A New Foundation for Art History Fellowship will support the research and writing of Dinkar’s second book, The Animal in the Vision Machine: Beastly Tales from India. As art historical accounts contend with the ‘animal question’, the role of empire and the colonial transaction in animals deserves closer attention. Colonial outposts were sources for the vast collections showcased in zoos and natural history museums, but these animals also serviced a burgeoning mass entertainment and exhibition industry where they served as ostentatious imperial tributes. Not only were live animals acquired for viewing in menageries, zoos, circuses and private collections but a vast industry coalesced around viewing dead animals – in dissection rooms, taxidermy displays, natural history collections, trophies, or even scenes of executions themselves - which drew vast crowds of viewers, setting into motion what I describe as a necropolitical visual economy. This project explores how the colonial trade made available four animals, each with a rich cultural history in South Asia, to a wider imperial audience where they were displayed and appropriated by a global visual media apparatus. It argues that beyond the well-known examples of horses and birds that have been established in art historical studies of the moving image, a larger bestiary was enlisted in the development of visual technologies. The book explores how elephants, snakes, monkeys and vultures were each instrumental in choreographing a wider set of performative practices based around their distinctive modes of animal seeing and animal locomotion.

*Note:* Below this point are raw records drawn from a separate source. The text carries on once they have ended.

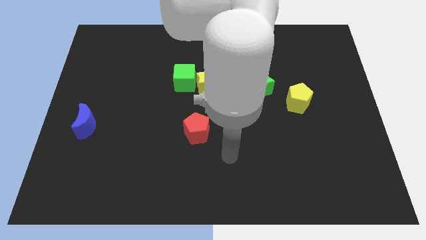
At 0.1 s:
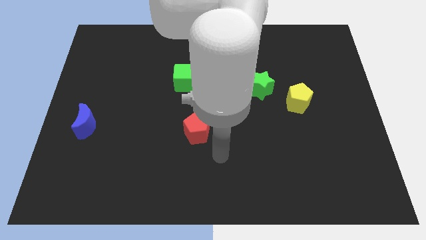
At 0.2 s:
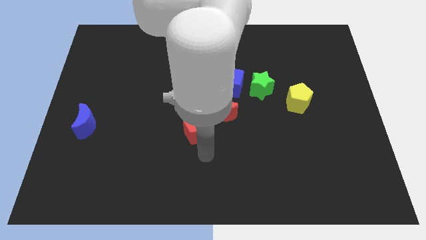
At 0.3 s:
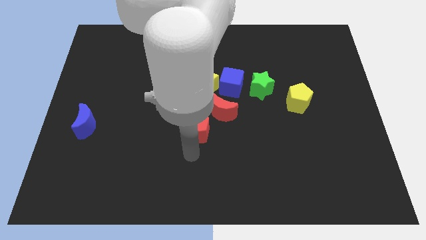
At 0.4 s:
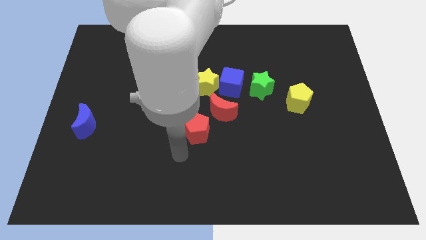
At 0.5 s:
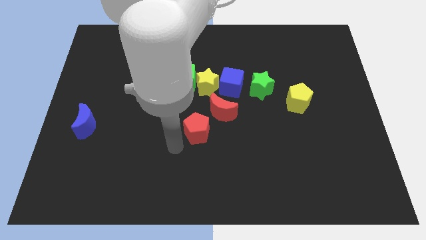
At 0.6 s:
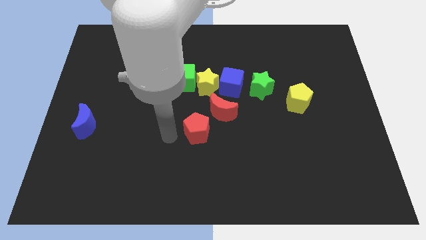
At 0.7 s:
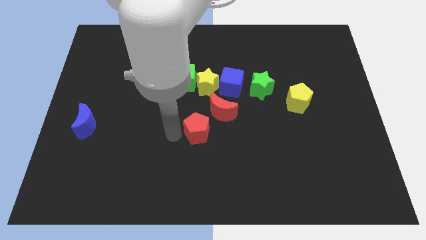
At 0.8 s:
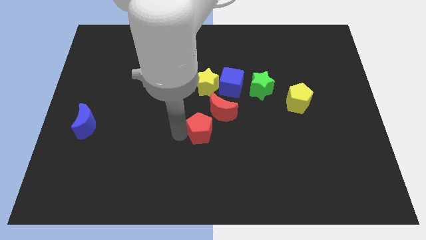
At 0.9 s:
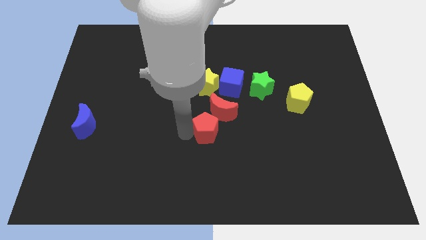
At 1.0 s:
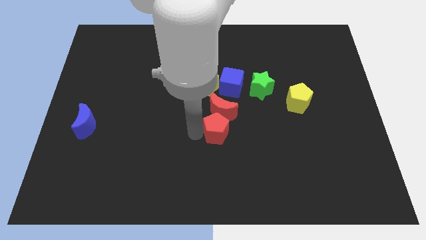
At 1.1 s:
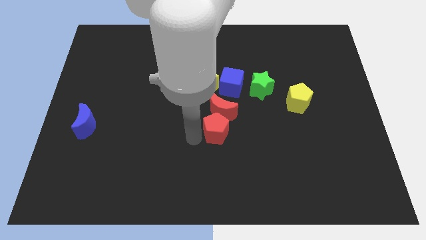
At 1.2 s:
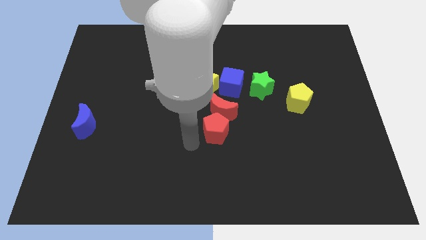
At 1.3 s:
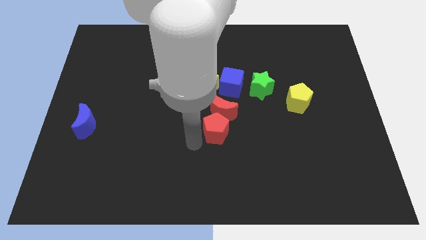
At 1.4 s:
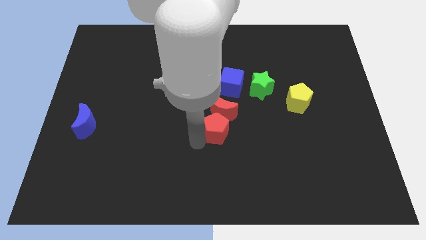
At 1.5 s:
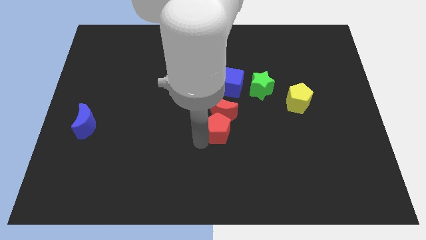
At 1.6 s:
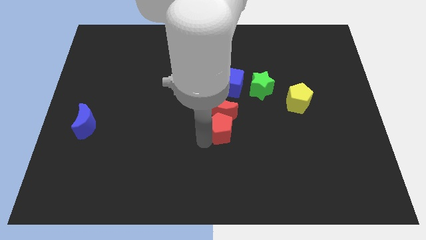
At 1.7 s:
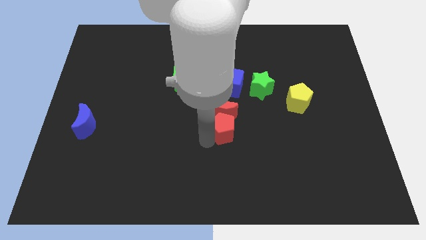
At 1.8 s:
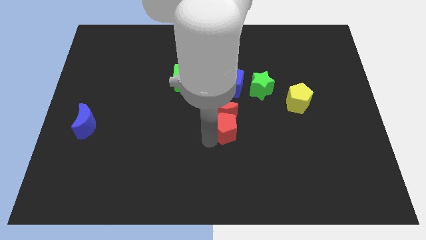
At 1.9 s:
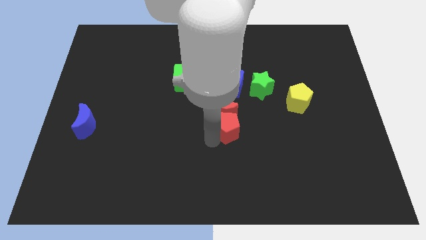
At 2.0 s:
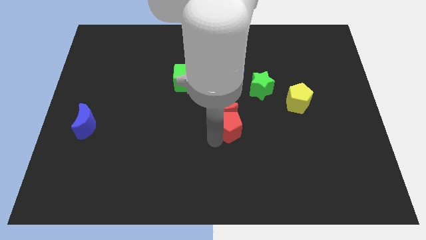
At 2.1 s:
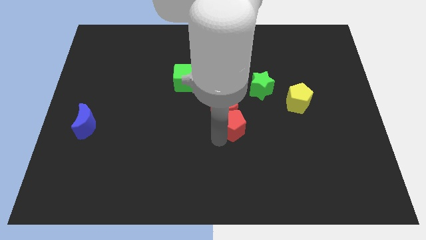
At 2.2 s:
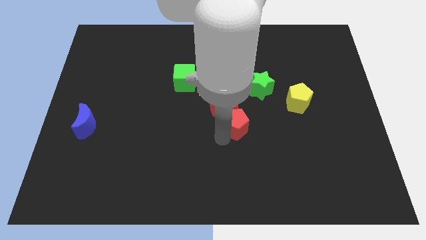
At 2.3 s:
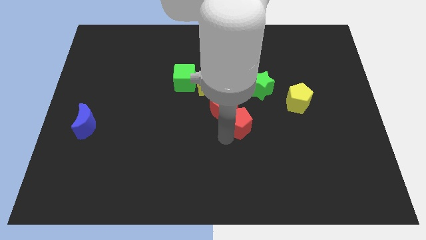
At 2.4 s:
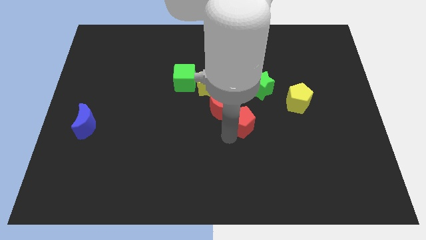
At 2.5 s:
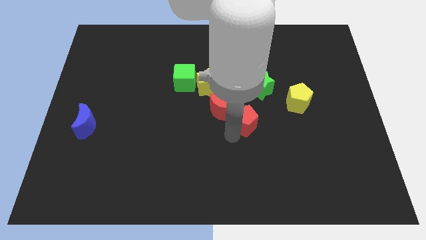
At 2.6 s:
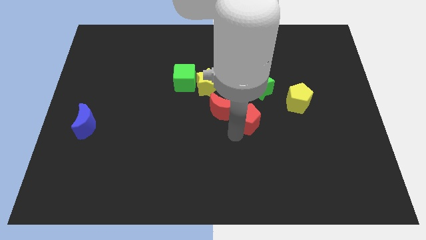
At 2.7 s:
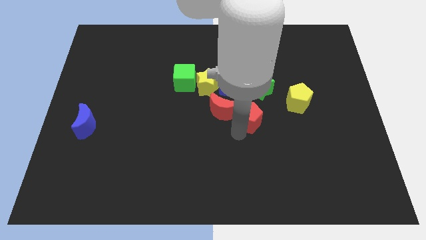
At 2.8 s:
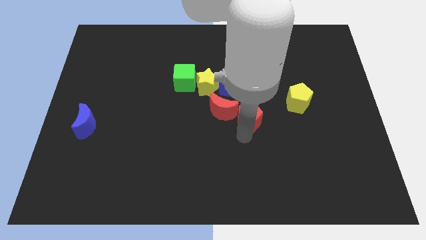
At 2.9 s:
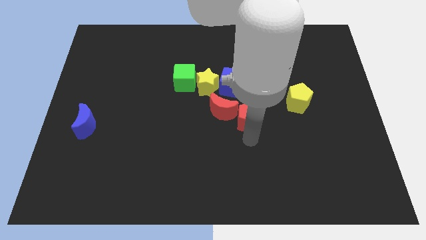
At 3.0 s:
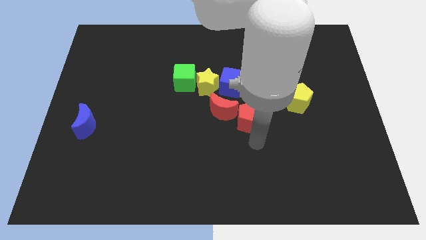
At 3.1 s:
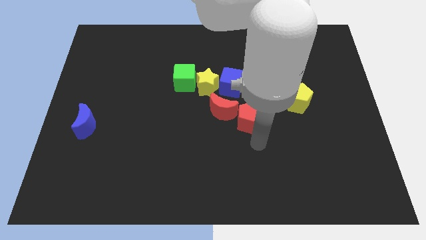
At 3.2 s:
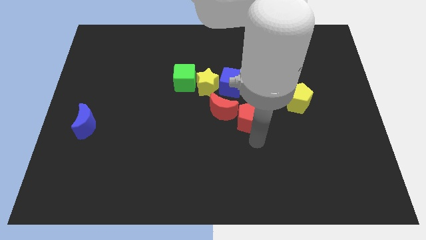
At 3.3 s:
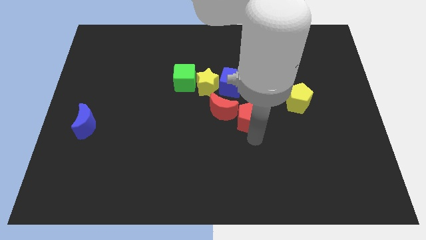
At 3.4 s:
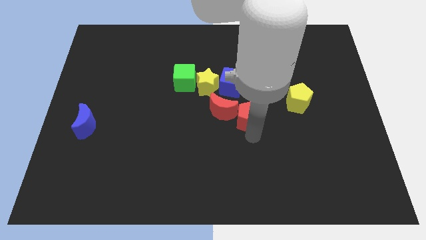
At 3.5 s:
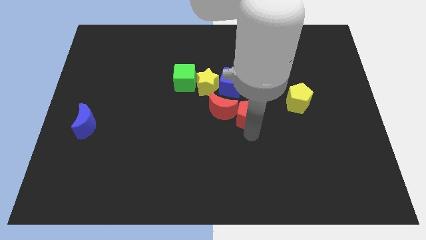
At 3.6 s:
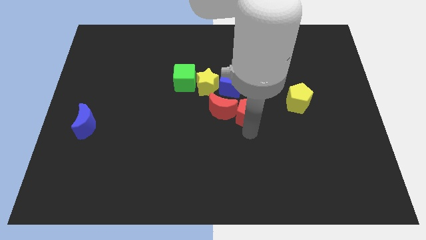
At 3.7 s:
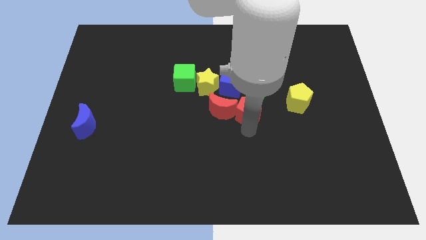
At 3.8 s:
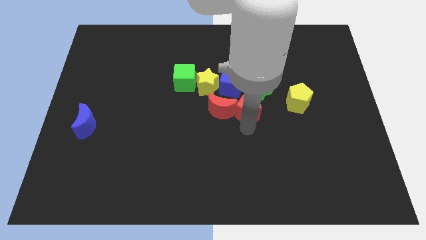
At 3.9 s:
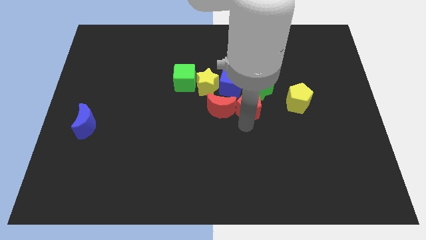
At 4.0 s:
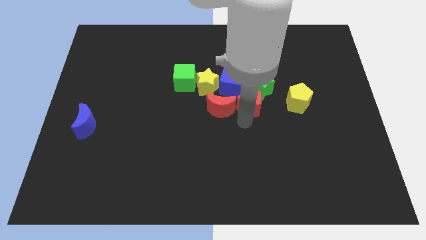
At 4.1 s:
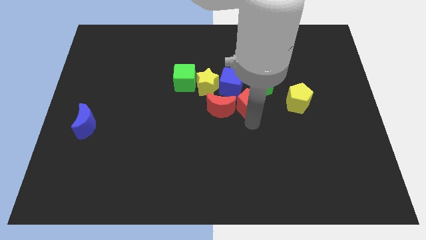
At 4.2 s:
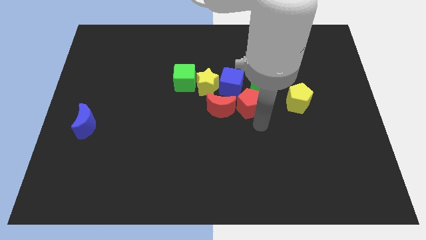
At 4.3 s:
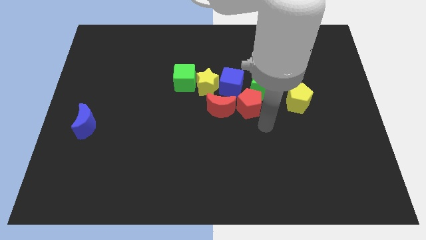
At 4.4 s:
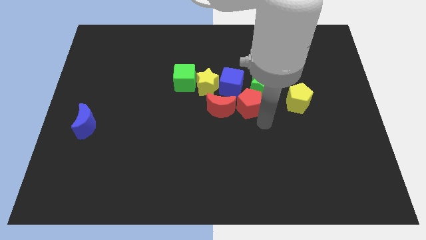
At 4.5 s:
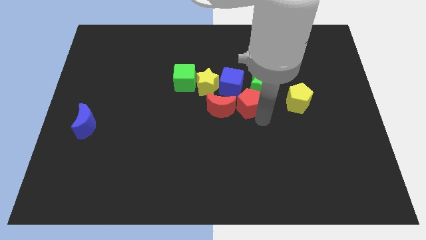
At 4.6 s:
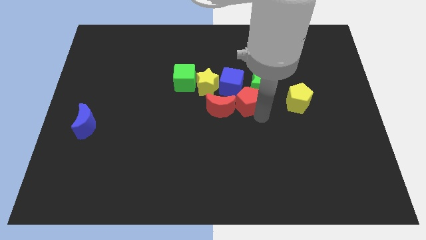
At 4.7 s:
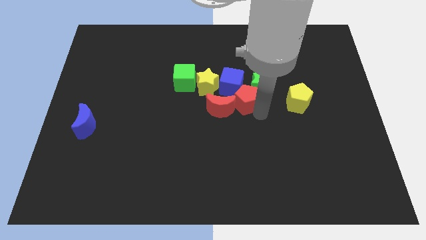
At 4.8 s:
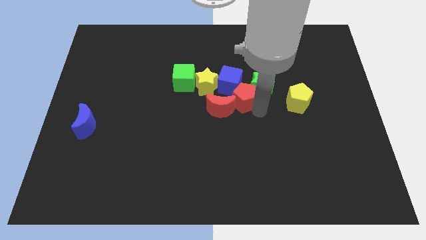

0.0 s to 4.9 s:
put the red pentagon close to the blue cube

Sascha T. Scott, Modern Pueblo Painting: Colonization, Aesthetic Agency, and Indigenous Visual Sovereignty
Scott is an associate professor of art history at Syracuse University, where she is also faculty in the Native American and Indigenous Studies Program. Prof. Scott is an award-winning scholar whose work on both Indigenous and settler art is framed by ethical imperatives and conceptual frameworks central to Indigenous studies.
A New Foundation for Art History Fellowship will support the completion of Scott’s second book, Modern Pueblo Painting: Colonization, Aesthetic Agency, and Indigenous Visual Sovereignty, which aims to expand the scope of and join in efforts to decolonize U.S. art history. The book tells the story of the first generation of modern Pueblo painters, Indigenous artists who created a new genre of art in the 1910s, which blossomed and reached international audiences in the 1920s. The book is centered on Pueblo agents and their voices and foregrounds how these artists articulated their communities’ visual sovereignty. The book also accentuates how early twentieth-century Pueblo painters navigated the terms of their labor and fought to receive fair and timely payment for their work. The book’s narrative is guided by and was formed in consultation with descendants of the artists and their home communities.